[Start of Attachment]

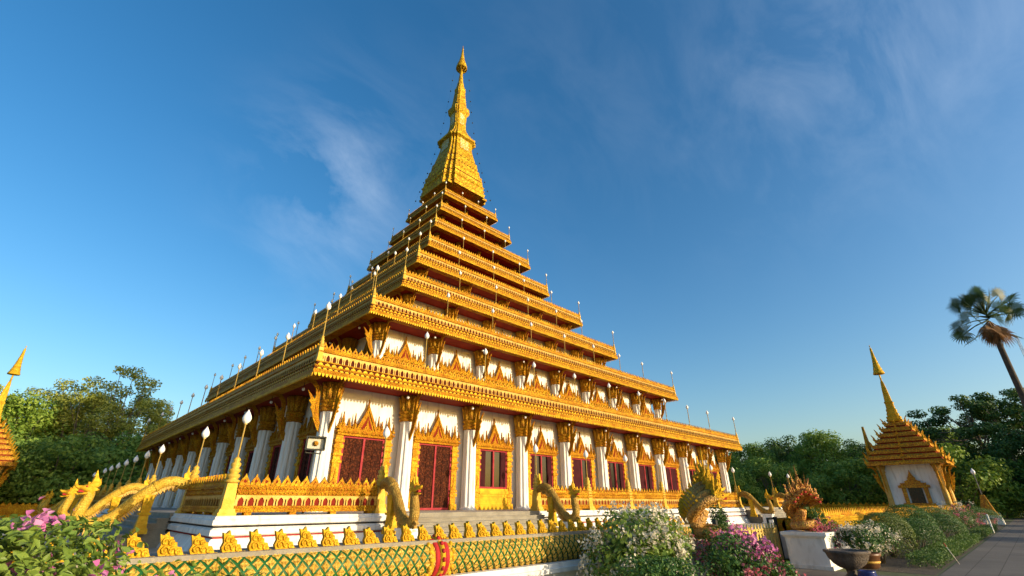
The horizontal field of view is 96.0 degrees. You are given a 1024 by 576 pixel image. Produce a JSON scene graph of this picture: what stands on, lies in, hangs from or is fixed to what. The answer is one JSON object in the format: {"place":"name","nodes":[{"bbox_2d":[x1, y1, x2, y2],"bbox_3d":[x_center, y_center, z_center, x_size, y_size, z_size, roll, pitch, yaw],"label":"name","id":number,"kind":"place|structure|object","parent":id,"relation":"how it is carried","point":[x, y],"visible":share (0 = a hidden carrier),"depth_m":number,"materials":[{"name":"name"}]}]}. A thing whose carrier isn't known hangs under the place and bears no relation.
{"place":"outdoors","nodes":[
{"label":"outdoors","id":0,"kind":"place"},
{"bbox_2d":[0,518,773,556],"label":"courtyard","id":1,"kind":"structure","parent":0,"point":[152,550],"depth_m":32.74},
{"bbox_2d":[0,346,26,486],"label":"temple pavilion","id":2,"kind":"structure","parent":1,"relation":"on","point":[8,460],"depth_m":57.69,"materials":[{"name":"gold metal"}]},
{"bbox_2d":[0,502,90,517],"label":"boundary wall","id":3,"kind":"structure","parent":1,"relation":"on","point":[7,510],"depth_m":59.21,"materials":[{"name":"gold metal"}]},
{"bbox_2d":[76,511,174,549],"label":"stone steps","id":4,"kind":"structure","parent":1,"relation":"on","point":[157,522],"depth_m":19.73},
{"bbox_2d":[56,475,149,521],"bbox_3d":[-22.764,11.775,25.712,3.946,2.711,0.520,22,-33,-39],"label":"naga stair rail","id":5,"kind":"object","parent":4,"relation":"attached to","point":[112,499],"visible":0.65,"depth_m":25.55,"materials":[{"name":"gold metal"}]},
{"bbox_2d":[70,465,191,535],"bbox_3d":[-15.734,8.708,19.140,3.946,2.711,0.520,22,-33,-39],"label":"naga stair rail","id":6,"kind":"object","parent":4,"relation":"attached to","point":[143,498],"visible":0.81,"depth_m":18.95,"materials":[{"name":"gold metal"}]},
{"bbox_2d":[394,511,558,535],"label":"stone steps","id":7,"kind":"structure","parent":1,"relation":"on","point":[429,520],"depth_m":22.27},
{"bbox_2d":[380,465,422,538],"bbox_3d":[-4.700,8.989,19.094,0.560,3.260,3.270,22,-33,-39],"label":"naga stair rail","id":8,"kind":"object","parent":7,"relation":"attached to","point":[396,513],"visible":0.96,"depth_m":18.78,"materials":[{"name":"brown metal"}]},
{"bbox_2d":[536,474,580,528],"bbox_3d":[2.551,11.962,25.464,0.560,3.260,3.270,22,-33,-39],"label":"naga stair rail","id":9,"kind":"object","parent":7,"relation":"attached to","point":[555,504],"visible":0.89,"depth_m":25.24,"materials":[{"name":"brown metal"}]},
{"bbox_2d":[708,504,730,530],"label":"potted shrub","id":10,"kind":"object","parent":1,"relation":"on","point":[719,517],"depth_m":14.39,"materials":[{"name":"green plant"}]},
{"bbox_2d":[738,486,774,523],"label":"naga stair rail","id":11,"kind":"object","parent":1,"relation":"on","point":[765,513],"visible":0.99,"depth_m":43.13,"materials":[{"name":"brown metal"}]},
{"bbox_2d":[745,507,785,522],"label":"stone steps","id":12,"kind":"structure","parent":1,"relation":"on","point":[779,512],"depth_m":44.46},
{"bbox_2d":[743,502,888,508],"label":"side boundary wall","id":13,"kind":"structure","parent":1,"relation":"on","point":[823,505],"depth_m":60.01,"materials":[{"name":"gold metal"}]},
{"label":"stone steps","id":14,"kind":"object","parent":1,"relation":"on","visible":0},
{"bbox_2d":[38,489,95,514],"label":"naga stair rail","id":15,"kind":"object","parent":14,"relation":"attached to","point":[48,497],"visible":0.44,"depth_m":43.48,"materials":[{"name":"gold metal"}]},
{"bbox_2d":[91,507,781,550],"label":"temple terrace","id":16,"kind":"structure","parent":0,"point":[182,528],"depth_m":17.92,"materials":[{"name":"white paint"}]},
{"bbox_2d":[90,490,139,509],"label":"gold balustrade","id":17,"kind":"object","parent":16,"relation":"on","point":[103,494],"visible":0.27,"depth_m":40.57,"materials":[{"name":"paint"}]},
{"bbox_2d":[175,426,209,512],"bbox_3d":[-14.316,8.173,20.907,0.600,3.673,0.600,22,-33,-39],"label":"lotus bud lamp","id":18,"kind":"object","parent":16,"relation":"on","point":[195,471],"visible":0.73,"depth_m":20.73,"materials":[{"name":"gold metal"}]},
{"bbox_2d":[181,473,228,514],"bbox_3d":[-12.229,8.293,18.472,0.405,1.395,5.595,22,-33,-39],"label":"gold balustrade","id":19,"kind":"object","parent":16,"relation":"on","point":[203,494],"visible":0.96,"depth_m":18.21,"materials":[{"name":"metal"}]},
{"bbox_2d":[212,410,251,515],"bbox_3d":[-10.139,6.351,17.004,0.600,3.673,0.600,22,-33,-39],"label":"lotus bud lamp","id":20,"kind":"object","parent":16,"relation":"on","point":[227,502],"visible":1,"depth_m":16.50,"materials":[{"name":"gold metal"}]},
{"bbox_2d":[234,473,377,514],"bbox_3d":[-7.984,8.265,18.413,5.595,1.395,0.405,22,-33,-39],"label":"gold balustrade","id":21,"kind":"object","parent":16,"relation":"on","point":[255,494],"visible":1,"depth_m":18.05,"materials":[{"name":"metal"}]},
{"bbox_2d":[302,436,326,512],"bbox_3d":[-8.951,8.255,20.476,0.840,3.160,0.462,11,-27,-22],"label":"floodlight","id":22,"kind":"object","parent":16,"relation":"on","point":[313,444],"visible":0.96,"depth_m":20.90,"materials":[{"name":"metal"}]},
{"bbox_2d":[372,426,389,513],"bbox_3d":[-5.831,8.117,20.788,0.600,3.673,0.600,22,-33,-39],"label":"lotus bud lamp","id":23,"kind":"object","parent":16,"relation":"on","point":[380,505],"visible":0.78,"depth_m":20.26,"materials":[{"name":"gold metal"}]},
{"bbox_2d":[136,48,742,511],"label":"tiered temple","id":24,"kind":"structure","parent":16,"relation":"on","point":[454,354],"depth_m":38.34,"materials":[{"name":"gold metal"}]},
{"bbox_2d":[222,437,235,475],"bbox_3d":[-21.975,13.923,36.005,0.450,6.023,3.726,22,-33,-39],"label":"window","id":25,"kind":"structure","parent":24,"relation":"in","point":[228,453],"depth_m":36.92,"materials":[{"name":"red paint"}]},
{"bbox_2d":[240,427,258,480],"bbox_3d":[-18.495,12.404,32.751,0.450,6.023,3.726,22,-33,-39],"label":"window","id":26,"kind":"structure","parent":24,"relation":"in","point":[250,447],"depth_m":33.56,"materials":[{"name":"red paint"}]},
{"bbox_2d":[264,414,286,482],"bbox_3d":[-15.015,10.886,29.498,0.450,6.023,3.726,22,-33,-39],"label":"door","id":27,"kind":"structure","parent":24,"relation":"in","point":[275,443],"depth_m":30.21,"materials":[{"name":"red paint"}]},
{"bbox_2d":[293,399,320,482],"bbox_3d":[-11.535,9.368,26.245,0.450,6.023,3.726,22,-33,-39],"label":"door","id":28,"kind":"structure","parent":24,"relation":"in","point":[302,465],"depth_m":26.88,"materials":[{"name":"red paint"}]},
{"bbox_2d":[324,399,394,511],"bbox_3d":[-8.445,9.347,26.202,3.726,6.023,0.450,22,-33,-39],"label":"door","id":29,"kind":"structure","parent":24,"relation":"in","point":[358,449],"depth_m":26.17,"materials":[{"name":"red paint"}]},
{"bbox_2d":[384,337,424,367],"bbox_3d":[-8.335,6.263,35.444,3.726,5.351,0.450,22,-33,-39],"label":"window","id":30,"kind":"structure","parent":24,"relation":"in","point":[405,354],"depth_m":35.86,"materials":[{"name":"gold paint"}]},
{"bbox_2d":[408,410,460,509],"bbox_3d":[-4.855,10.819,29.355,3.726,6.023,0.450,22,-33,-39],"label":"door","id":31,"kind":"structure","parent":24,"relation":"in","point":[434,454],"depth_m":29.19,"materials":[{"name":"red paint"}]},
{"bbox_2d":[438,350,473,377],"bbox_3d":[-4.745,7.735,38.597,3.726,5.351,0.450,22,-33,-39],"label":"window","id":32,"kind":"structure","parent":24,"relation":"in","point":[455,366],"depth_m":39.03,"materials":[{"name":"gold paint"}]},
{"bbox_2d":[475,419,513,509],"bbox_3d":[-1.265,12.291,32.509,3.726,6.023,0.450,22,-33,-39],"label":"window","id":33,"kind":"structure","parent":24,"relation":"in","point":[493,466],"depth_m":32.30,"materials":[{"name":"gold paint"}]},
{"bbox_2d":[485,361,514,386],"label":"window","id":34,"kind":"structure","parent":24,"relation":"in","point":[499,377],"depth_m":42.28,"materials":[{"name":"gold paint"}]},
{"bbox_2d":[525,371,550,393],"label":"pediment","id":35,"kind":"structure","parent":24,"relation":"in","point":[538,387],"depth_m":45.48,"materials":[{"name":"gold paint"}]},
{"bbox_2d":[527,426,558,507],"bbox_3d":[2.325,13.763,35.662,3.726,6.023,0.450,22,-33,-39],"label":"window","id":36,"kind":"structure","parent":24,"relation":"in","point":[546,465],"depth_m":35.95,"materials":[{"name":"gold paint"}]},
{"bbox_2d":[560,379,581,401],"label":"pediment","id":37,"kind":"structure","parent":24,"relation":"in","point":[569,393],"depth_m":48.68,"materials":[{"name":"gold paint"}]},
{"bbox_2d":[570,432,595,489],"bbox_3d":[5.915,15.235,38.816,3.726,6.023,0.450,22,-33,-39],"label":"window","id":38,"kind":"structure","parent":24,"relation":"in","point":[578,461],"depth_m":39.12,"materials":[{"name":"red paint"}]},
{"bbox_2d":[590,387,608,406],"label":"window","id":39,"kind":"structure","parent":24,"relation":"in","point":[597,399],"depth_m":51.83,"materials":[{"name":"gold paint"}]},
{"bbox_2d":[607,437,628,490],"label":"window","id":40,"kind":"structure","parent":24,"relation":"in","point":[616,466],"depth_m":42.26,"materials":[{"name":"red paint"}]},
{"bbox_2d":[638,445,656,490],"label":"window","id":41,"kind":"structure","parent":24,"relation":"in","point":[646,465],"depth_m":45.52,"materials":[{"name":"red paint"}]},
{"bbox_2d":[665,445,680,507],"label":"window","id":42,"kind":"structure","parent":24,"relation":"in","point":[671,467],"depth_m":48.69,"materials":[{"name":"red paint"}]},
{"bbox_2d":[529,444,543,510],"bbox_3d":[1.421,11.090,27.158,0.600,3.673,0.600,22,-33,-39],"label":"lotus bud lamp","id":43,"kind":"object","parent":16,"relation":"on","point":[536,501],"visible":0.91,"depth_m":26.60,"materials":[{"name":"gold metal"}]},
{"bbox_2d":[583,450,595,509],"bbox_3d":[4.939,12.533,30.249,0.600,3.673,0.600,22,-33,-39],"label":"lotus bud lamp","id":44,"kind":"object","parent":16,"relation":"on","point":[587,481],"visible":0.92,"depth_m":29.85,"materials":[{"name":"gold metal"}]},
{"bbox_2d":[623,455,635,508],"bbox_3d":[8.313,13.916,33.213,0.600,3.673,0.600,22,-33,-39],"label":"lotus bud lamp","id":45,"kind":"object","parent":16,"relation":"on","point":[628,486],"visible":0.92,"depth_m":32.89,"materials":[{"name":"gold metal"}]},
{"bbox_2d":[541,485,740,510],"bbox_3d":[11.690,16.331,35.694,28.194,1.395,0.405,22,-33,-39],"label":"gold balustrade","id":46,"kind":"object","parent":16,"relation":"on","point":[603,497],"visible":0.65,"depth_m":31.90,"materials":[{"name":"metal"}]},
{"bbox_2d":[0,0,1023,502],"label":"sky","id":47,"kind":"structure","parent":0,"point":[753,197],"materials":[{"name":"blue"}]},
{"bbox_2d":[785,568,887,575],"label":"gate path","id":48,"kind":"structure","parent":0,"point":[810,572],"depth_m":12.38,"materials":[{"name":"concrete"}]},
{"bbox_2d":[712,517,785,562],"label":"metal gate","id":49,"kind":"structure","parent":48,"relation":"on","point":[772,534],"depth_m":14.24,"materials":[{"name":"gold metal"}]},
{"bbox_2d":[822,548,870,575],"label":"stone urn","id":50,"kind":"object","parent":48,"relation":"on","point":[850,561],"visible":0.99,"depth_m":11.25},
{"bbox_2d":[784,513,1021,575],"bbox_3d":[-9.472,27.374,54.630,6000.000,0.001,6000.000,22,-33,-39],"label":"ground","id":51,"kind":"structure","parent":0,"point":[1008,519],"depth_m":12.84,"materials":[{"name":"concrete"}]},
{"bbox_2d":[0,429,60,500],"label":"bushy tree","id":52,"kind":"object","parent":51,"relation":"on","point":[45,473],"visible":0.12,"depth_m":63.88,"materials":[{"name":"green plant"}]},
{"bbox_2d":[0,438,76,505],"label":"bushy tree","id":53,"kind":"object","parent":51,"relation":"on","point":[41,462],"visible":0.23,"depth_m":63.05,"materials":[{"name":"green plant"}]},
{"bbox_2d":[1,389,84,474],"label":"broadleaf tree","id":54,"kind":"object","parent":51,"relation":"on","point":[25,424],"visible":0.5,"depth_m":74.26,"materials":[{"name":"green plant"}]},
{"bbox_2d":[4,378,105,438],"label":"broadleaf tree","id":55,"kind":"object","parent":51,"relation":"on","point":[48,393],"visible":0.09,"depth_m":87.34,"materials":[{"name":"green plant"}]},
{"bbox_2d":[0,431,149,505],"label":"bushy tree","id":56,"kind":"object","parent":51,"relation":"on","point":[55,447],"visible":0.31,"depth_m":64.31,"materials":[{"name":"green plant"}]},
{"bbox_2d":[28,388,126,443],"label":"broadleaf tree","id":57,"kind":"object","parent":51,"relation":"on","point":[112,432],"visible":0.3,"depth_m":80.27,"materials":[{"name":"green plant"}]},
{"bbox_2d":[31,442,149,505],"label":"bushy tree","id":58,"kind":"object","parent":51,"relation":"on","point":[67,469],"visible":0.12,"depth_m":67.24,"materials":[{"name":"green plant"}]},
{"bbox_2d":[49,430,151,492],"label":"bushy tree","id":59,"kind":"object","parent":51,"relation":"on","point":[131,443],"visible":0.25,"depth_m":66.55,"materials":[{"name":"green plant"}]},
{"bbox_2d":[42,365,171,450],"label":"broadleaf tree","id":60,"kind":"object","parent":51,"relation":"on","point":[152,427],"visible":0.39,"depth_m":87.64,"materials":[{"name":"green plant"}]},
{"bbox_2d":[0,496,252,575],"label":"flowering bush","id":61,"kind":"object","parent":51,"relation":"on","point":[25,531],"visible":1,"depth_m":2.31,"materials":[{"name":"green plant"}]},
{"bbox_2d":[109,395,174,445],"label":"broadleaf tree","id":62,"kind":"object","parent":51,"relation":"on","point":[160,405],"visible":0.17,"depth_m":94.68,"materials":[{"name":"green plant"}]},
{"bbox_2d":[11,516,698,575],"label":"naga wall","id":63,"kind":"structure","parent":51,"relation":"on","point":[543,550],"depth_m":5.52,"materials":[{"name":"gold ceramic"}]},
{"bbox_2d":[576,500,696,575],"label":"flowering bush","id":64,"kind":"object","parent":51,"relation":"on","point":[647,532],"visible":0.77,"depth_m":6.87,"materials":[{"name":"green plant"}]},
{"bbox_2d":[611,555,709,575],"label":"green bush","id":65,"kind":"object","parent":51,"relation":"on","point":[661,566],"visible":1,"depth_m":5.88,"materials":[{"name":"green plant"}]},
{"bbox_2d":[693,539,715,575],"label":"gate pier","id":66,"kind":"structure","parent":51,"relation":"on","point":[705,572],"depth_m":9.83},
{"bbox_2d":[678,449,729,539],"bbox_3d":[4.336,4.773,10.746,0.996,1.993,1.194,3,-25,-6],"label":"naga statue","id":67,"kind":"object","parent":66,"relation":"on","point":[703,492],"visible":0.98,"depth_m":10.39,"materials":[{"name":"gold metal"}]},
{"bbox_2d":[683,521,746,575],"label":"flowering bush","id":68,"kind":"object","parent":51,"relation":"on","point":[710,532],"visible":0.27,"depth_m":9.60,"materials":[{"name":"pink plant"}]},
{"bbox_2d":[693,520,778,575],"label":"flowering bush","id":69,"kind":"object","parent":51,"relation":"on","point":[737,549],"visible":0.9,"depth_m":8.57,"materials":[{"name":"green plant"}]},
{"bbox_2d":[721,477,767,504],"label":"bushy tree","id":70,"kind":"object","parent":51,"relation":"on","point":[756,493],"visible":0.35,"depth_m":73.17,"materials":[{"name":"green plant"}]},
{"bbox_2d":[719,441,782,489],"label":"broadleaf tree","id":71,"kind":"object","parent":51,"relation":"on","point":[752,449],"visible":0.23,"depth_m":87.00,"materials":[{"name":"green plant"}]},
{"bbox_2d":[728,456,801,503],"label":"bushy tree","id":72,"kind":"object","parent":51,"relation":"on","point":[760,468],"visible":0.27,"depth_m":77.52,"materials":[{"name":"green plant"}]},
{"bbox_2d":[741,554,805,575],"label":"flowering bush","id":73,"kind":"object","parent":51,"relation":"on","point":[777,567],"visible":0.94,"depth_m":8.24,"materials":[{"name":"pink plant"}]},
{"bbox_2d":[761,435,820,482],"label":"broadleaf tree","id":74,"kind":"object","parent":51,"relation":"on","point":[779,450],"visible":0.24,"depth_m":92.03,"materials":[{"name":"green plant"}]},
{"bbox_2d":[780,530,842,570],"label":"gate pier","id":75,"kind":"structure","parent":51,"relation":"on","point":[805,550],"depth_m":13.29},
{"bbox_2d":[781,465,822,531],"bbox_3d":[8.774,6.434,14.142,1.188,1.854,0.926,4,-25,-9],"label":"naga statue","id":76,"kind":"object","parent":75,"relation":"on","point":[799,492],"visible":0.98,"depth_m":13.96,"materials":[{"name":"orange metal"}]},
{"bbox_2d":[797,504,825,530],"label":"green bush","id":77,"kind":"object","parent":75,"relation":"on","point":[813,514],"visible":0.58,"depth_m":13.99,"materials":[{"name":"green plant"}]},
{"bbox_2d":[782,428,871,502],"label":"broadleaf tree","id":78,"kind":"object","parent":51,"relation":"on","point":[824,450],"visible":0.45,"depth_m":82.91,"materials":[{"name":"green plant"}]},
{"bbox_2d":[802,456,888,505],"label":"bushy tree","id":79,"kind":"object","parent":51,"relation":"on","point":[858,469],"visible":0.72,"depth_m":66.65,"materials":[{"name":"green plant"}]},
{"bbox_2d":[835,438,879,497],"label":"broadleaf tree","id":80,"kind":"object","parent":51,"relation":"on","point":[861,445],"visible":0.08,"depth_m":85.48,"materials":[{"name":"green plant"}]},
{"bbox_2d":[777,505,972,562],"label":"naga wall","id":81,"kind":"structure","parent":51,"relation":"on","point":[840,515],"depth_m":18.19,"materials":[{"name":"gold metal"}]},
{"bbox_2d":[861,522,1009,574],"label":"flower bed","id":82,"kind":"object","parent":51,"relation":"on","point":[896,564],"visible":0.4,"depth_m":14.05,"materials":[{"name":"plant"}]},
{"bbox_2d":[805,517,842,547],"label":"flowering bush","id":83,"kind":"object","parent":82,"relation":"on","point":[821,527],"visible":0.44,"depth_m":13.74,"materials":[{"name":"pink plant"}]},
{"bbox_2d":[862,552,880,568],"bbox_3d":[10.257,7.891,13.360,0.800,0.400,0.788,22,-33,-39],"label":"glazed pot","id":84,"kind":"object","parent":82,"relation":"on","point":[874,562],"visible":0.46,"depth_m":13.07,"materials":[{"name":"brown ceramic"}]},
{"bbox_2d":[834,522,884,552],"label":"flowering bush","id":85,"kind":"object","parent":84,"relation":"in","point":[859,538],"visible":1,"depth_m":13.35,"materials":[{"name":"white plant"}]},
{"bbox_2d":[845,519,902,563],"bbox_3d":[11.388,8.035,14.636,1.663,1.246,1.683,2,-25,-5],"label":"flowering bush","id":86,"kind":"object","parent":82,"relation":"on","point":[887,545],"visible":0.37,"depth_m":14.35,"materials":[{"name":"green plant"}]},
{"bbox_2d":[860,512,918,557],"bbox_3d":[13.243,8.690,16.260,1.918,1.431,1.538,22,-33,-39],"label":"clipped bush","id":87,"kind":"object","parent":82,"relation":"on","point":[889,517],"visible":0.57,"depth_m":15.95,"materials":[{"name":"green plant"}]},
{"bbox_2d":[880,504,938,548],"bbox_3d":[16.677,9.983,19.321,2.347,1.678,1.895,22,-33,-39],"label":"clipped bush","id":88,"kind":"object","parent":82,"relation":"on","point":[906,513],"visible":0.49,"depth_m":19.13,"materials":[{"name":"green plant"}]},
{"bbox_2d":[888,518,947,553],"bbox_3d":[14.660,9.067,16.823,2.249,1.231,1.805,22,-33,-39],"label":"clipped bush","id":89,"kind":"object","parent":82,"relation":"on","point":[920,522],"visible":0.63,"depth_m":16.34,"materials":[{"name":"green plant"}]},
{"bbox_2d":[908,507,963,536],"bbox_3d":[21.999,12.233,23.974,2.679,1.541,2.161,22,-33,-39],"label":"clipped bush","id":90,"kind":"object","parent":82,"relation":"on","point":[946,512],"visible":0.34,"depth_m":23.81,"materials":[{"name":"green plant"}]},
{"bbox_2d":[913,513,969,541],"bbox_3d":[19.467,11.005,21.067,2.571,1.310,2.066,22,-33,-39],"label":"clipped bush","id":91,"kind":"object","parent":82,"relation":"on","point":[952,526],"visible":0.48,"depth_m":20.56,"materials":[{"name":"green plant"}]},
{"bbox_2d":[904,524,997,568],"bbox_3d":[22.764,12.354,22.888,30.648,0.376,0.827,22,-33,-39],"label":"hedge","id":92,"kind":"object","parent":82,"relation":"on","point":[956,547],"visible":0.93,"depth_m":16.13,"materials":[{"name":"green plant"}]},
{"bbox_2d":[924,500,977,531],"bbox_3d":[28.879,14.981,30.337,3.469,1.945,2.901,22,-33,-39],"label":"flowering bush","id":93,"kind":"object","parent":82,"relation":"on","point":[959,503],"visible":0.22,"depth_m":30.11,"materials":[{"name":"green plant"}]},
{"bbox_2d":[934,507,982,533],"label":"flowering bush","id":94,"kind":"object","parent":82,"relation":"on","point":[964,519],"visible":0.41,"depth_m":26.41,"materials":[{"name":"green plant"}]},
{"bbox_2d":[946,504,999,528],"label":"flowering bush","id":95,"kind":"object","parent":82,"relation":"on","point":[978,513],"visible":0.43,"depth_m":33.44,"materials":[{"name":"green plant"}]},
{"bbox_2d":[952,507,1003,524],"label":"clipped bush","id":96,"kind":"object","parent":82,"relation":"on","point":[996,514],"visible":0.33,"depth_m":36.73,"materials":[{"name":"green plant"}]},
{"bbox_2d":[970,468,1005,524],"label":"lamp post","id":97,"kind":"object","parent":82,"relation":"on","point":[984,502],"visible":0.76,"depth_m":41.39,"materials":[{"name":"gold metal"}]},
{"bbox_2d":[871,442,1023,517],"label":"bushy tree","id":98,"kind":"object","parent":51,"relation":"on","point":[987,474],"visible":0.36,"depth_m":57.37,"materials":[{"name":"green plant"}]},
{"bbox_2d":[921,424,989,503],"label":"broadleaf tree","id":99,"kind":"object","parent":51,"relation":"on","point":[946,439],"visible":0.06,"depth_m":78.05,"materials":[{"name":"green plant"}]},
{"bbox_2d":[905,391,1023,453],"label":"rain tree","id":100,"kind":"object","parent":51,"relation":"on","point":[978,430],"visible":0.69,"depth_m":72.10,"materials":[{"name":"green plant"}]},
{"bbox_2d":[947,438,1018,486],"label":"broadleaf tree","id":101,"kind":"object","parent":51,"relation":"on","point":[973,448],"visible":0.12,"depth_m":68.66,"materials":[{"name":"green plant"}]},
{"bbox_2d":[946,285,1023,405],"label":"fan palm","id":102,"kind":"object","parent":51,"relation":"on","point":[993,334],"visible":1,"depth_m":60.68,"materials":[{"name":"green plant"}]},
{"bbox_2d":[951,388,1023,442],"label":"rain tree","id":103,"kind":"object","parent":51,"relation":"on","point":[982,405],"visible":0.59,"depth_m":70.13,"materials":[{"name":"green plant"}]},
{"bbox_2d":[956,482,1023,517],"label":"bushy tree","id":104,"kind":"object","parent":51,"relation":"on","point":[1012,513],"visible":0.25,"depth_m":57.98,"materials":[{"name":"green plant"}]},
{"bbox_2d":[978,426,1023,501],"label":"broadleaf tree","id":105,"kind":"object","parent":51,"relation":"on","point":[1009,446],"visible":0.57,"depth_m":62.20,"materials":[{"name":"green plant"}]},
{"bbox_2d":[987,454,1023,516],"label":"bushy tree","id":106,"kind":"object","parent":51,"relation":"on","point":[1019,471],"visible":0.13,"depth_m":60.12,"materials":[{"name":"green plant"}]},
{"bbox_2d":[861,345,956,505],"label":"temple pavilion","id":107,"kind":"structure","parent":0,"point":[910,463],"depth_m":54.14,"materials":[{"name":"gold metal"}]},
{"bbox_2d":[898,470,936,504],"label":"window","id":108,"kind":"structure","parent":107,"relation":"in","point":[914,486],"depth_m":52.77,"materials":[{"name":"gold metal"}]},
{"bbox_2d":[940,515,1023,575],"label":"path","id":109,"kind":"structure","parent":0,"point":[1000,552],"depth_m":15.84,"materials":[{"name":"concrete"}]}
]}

[End of Attachment]

Task statement: The expected output is each line of the records above that includes the word "temple".

Response area:
{"bbox_2d":[0,346,26,486],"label":"temple pavilion","id":2,"kind":"structure","parent":1,"relation":"on","point":[8,460],"depth_m":57.69,"materials":[{"name":"gold metal"}]},
{"bbox_2d":[91,507,781,550],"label":"temple terrace","id":16,"kind":"structure","parent":0,"point":[182,528],"depth_m":17.92,"materials":[{"name":"white paint"}]},
{"bbox_2d":[136,48,742,511],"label":"tiered temple","id":24,"kind":"structure","parent":16,"relation":"on","point":[454,354],"depth_m":38.34,"materials":[{"name":"gold metal"}]},
{"bbox_2d":[861,345,956,505],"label":"temple pavilion","id":107,"kind":"structure","parent":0,"point":[910,463],"depth_m":54.14,"materials":[{"name":"gold metal"}]},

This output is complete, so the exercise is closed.